Jay-Cub, whether knowingly or unknowingly, brings with it the baggage of finality as the sudden swansong of Athens prolifically eccentric Birdhouse Collection. The collective, which began releasing bizarre and anonymous tunes in 2011 before outing themselves earlier this year, undoubtedly will leave a gap in the city’s experimental scene. But as Cottonmouth’s third release shows, there’s still a bevy of eager experimentation and curiosity to bring any of the collective’s members to a halt.

A project developed during Jacob Deel’s off-time from fellow Birdhouse Collection-affiliates Muuy Biien and Pretty Bird, Cottonmouth’s demented hip hop beats and surreal deliveries most closely aligns with Pretty Bird’s psychotropic HOUSE, released earlier this year. Jay-Cub is a decidedly more “coherent” affair, allowing a meager smattering of wordless space and amorphous tones where the project’s .period graciously indulged the same vaporous corners.

Jay-Cub’s 16 tracks most immediately resemble Check Your Head-era Beastie Boys, clouding playful emcee exercises with busted, telephone receiver quality vocals atop mid-era Black Dice beat collages. Grotesque tones blend with chopped-and-screwed snippets of vocally caricatured percussion. The barely-contained delivery and deranged playfulness resemble DJ Dog Dick’s straightjacketed psycho noise rap, pitting perverse lyricism against dissonant, frazzled electronic clatter.

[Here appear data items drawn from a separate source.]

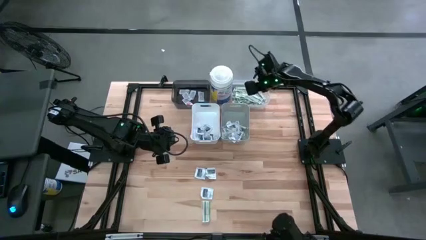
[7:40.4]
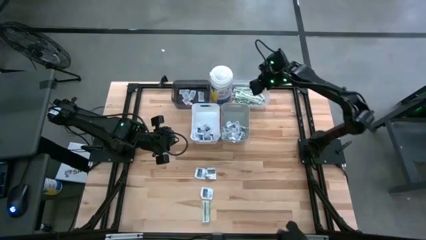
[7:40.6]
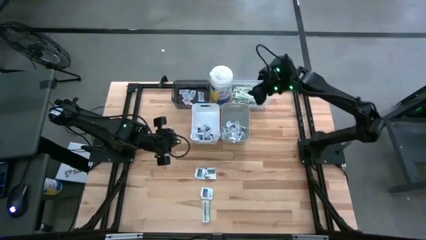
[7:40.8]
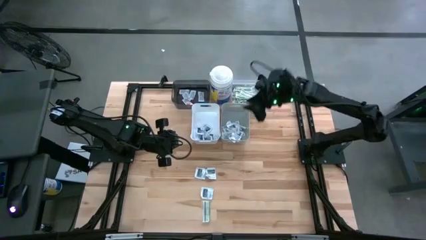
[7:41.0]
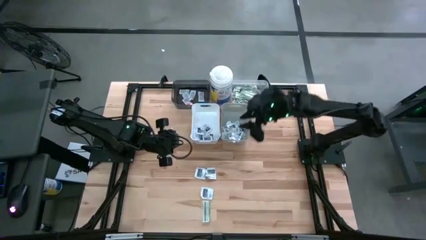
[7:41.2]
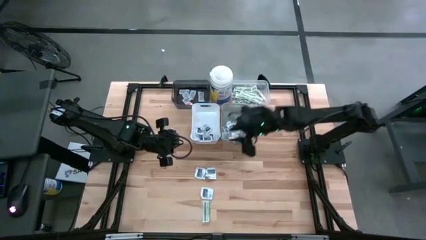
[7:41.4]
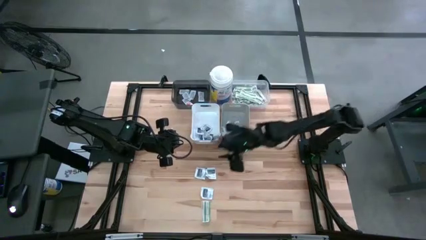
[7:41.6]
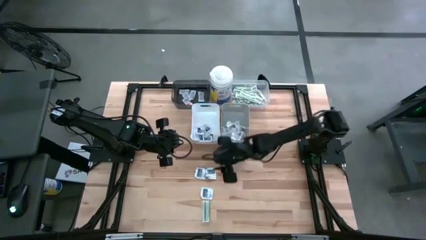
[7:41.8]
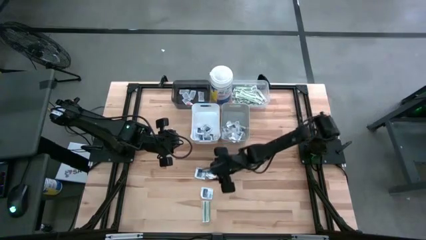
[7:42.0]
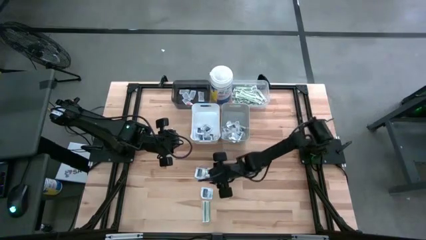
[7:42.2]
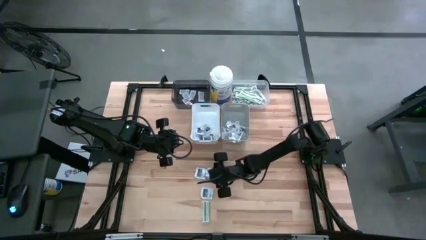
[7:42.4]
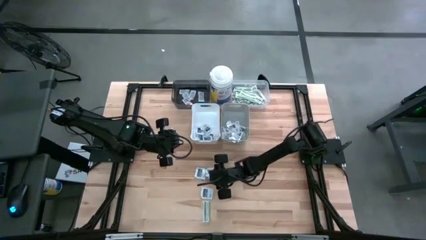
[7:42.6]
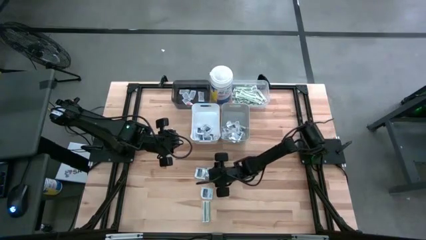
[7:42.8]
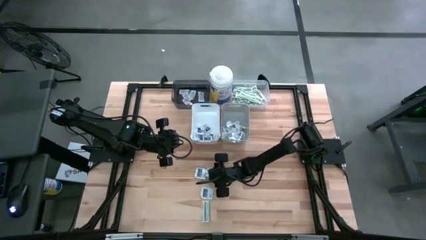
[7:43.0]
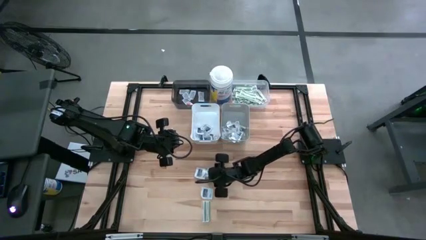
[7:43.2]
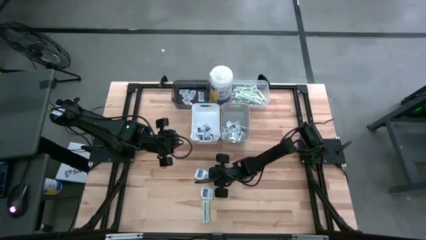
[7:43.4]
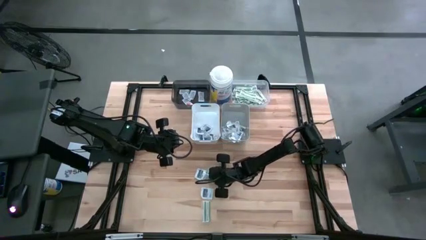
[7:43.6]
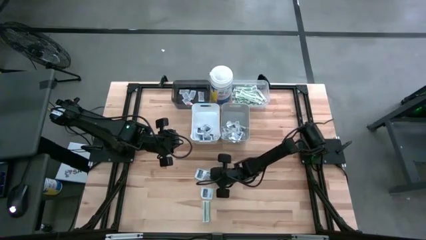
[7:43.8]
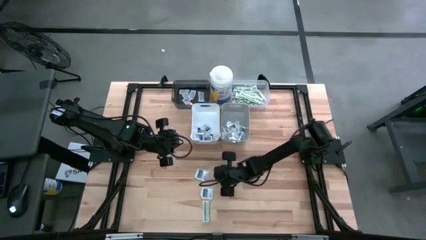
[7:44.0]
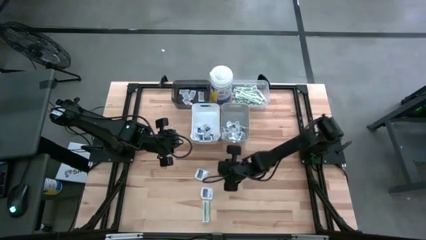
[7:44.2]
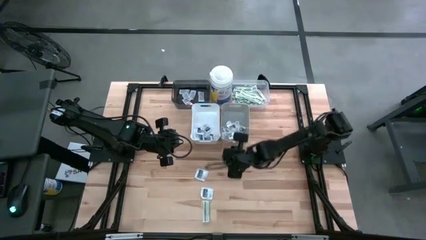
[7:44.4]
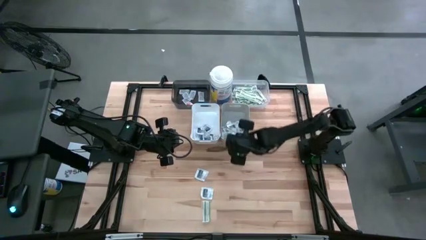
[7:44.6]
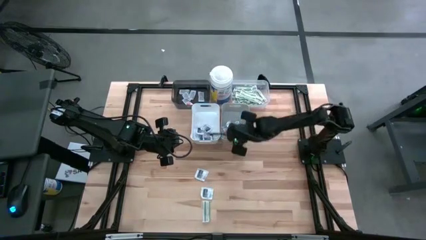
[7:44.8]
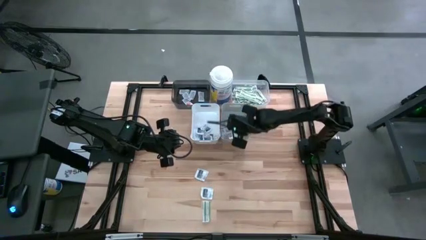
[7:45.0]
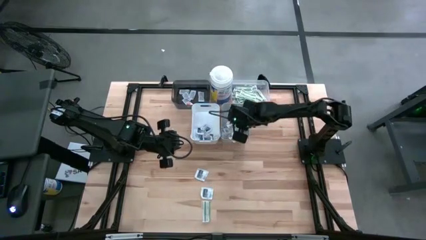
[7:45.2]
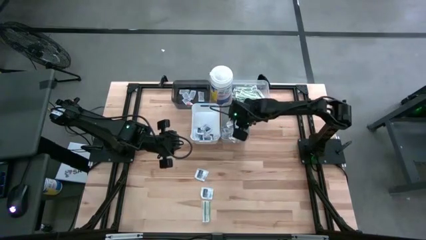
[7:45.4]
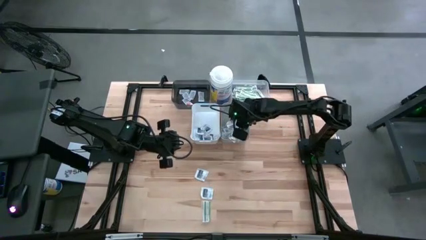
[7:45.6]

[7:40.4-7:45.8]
Task: Pick & Place First Aid Supplies
Put the wipe into the gray bin

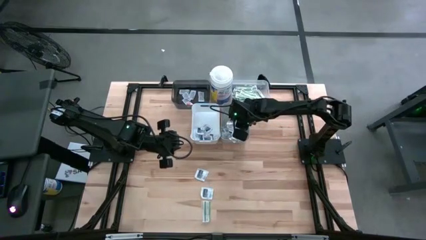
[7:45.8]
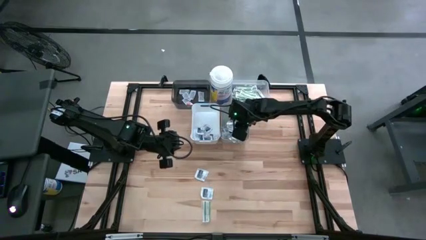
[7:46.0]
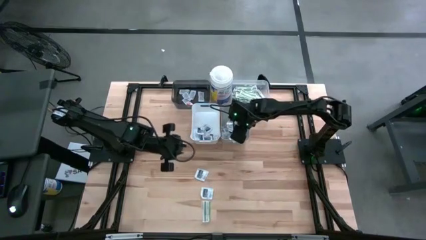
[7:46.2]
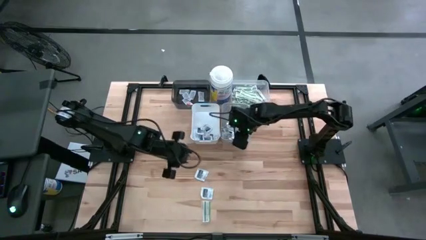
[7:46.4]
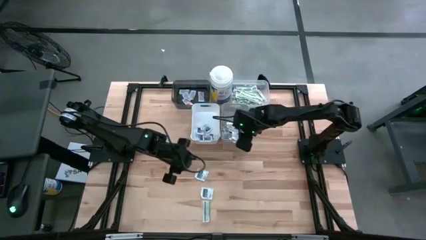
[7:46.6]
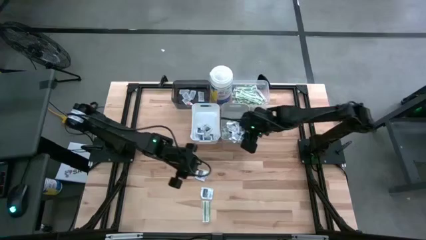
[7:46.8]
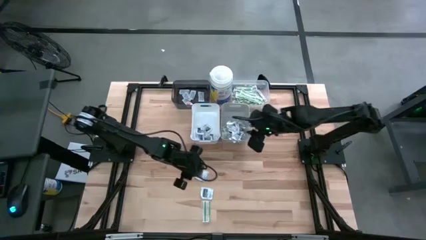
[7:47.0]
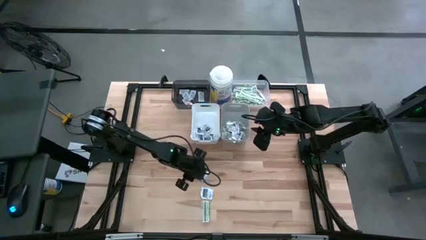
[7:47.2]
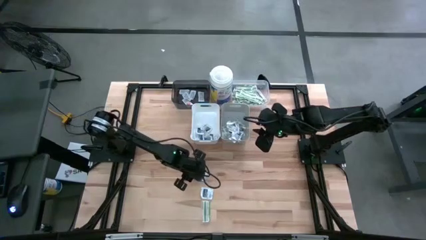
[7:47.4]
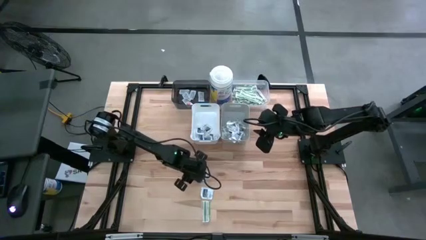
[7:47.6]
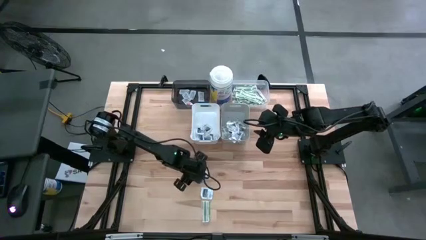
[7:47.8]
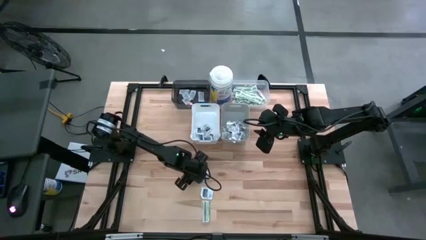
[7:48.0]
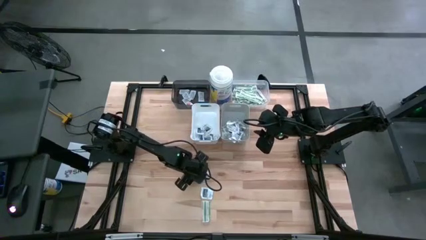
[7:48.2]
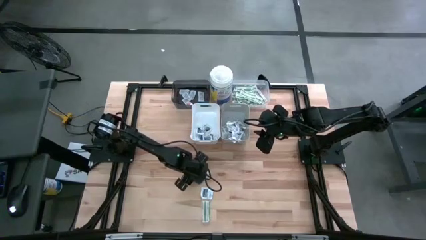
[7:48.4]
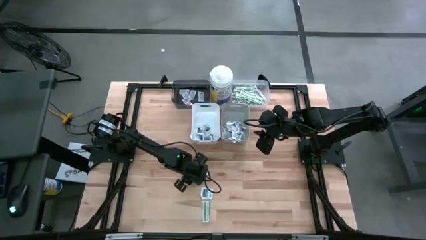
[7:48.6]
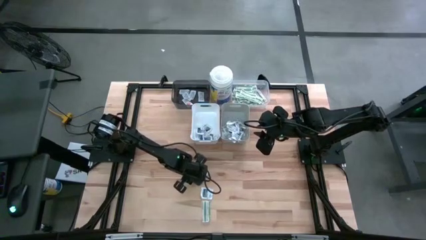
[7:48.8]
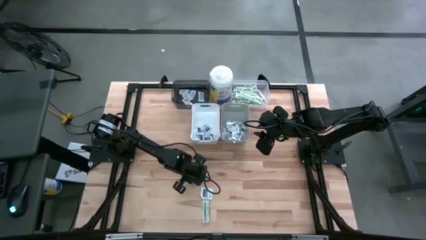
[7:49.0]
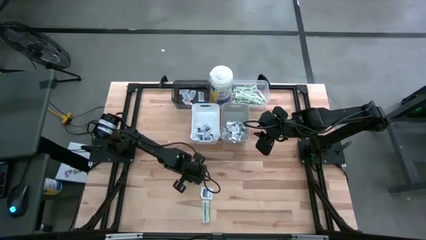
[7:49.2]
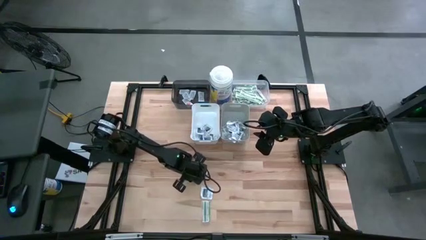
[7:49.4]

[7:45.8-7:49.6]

“A Wall,” the longest tune here, uses its time wisely, taking a few steps away from the assaultive nature of the din of manic noise throughout. With wholly recognizable choruses and verses, the track ebbs and flows with haunted aspiration. The track, which earlier surfaced as a rough gem in May 2011, resurfaces now as a lighter yet grittier play on the melody and tone of its trial run. On tracks like “Timing” and “Flowers,” Deel peddles a lucidly babbling terrain near Ariel Pink’s kitschy joy and Excepter’s ugly throb. 3 out of 5.